**Work order:** Please give again exactly the lines from the top of the material through the line with "In plain terms, the"; omit each picture.

**Exercise materials:**
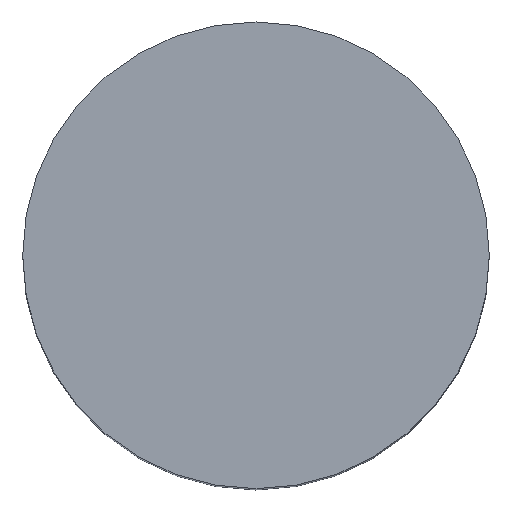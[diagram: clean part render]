
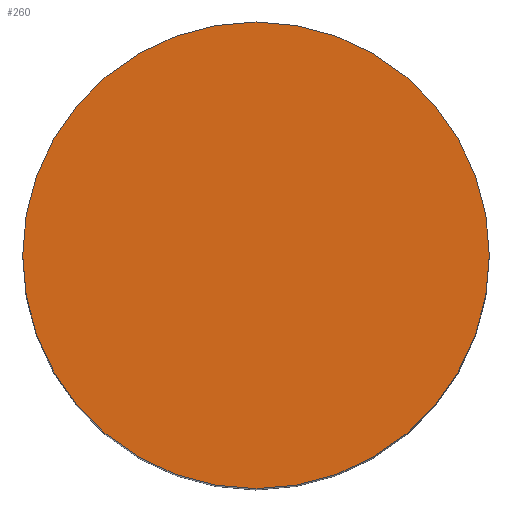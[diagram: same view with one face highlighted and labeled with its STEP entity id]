
A CAD part, top view. The second image highlights one B-rep face of the part: STEP entity #260.
In plain terms, the highlighted planar face has unit normal (0, 0, 1).
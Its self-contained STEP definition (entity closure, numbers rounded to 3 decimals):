
#43 = VERTEX_POINT('',#44);
#44 = CARTESIAN_POINT('',(-5.75,0.,13.));
#51 = PLANE('',#52);
#52 = AXIS2_PLACEMENT_3D('',#53,#54,#55);
#53 = CARTESIAN_POINT('',(-5.75,0.,0.));
#54 = DIRECTION('',(1.,0.,-0.));
#55 = DIRECTION('',(0.,-1.,0.));
#70 = EDGE_CURVE('',#43,#43,#71,.T.);
#71 = SURFACE_CURVE('',#72,(#76,#83),.PCURVE_S1.);
#72 = LINE('',#73,#74);
#73 = CARTESIAN_POINT('',(-5.75,0.,13.));
#74 = VECTOR('',#75,1.);
#75 = DIRECTION('',(0.,-1.,0.));
#76 = PCURVE('',#51,#77);
#77 = DEFINITIONAL_REPRESENTATION('',(#78),#82);
#78 = LINE('',#79,#80);
#79 = CARTESIAN_POINT('',(0.,-13.));
#80 = VECTOR('',#81,1.);
#81 = DIRECTION('',(1.,0.));
#82 = ( GEOMETRIC_REPRESENTATION_CONTEXT(2) 
PARAMETRIC_REPRESENTATION_CONTEXT() REPRESENTATION_CONTEXT('2D SPACE',''
  ) );
#83 = PCURVE('',#84,#89);
#84 = PLANE('',#85);
#85 = AXIS2_PLACEMENT_3D('',#86,#87,#88);
#86 = CARTESIAN_POINT('',(-1.75,0.,13.));
#87 = DIRECTION('',(0.,0.,1.));
#88 = DIRECTION('',(1.,0.,0.));
#89 = DEFINITIONAL_REPRESENTATION('',(#90),#94);
#90 = LINE('',#91,#92);
#91 = CARTESIAN_POINT('',(-4.,0.));
#92 = VECTOR('',#93,1.);
#93 = DIRECTION('',(0.,-1.));
#94 = ( GEOMETRIC_REPRESENTATION_CONTEXT(2) 
PARAMETRIC_REPRESENTATION_CONTEXT() REPRESENTATION_CONTEXT('2D SPACE',''
  ) );
#127 = EDGE_CURVE('',#43,#128,#130,.T.);
#128 = VERTEX_POINT('',#129);
#129 = CARTESIAN_POINT('',(2.25,0.,13.));
#130 = SURFACE_CURVE('',#131,(#136,#148),.PCURVE_S1.);
#131 = CIRCLE('',#132,4.);
#132 = AXIS2_PLACEMENT_3D('',#133,#134,#135);
#133 = CARTESIAN_POINT('',(-1.75,0.,13.));
#134 = DIRECTION('',(0.,0.,1.));
#135 = DIRECTION('',(1.,0.,0.));
#136 = PCURVE('',#137,#142);
#137 = CYLINDRICAL_SURFACE('',#138,4.);
#138 = AXIS2_PLACEMENT_3D('',#139,#140,#141);
#139 = CARTESIAN_POINT('',(-1.75,0.,0.));
#140 = DIRECTION('',(-0.,-0.,-1.));
#141 = DIRECTION('',(1.,0.,0.));
#142 = DEFINITIONAL_REPRESENTATION('',(#143),#147);
#143 = LINE('',#144,#145);
#144 = CARTESIAN_POINT('',(-0.,-13.));
#145 = VECTOR('',#146,1.);
#146 = DIRECTION('',(-1.,0.));
#147 = ( GEOMETRIC_REPRESENTATION_CONTEXT(2) 
PARAMETRIC_REPRESENTATION_CONTEXT() REPRESENTATION_CONTEXT('2D SPACE',''
  ) );
#148 = PCURVE('',#84,#149);
#149 = DEFINITIONAL_REPRESENTATION('',(#150),#154);
#150 = CIRCLE('',#151,4.);
#151 = AXIS2_PLACEMENT_2D('',#152,#153);
#152 = CARTESIAN_POINT('',(0.,0.));
#153 = DIRECTION('',(1.,0.));
#154 = ( GEOMETRIC_REPRESENTATION_CONTEXT(2) 
PARAMETRIC_REPRESENTATION_CONTEXT() REPRESENTATION_CONTEXT('2D SPACE',''
  ) );
#172 = CYLINDRICAL_SURFACE('',#173,4.);
#173 = AXIS2_PLACEMENT_3D('',#174,#175,#176);
#174 = CARTESIAN_POINT('',(-1.75,0.,0.));
#175 = DIRECTION('',(-0.,-0.,-1.));
#176 = DIRECTION('',(1.,0.,0.));
#210 = EDGE_CURVE('',#128,#43,#211,.T.);
#211 = SURFACE_CURVE('',#212,(#217,#224),.PCURVE_S1.);
#212 = CIRCLE('',#213,4.);
#213 = AXIS2_PLACEMENT_3D('',#214,#215,#216);
#214 = CARTESIAN_POINT('',(-1.75,0.,13.));
#215 = DIRECTION('',(0.,0.,1.));
#216 = DIRECTION('',(1.,0.,0.));
#217 = PCURVE('',#172,#218);
#218 = DEFINITIONAL_REPRESENTATION('',(#219),#223);
#219 = LINE('',#220,#221);
#220 = CARTESIAN_POINT('',(-0.,-13.));
#221 = VECTOR('',#222,1.);
#222 = DIRECTION('',(-1.,0.));
#223 = ( GEOMETRIC_REPRESENTATION_CONTEXT(2) 
PARAMETRIC_REPRESENTATION_CONTEXT() REPRESENTATION_CONTEXT('2D SPACE',''
  ) );
#224 = PCURVE('',#84,#225);
#225 = DEFINITIONAL_REPRESENTATION('',(#226),#230);
#226 = CIRCLE('',#227,4.);
#227 = AXIS2_PLACEMENT_2D('',#228,#229);
#228 = CARTESIAN_POINT('',(0.,0.));
#229 = DIRECTION('',(1.,0.));
#230 = ( GEOMETRIC_REPRESENTATION_CONTEXT(2) 
PARAMETRIC_REPRESENTATION_CONTEXT() REPRESENTATION_CONTEXT('2D SPACE',''
  ) );
#260 = ADVANCED_FACE('',(#261),#84,.T.);
#261 = FACE_BOUND('',#262,.T.);
#262 = EDGE_LOOP('',(#263,#264,#265));
#263 = ORIENTED_EDGE('',*,*,#70,.T.);
#264 = ORIENTED_EDGE('',*,*,#127,.T.);
#265 = ORIENTED_EDGE('',*,*,#210,.T.);

**Exercise answer:**
[diagram: clean part render]
[diagram: same view with one face highlighted and labeled with its STEP entity id]
A CAD part, top view. The second image highlights one B-rep face of the part: STEP entity #260.
In plain terms, the highlighted planar face has unit normal (0, 0, 1).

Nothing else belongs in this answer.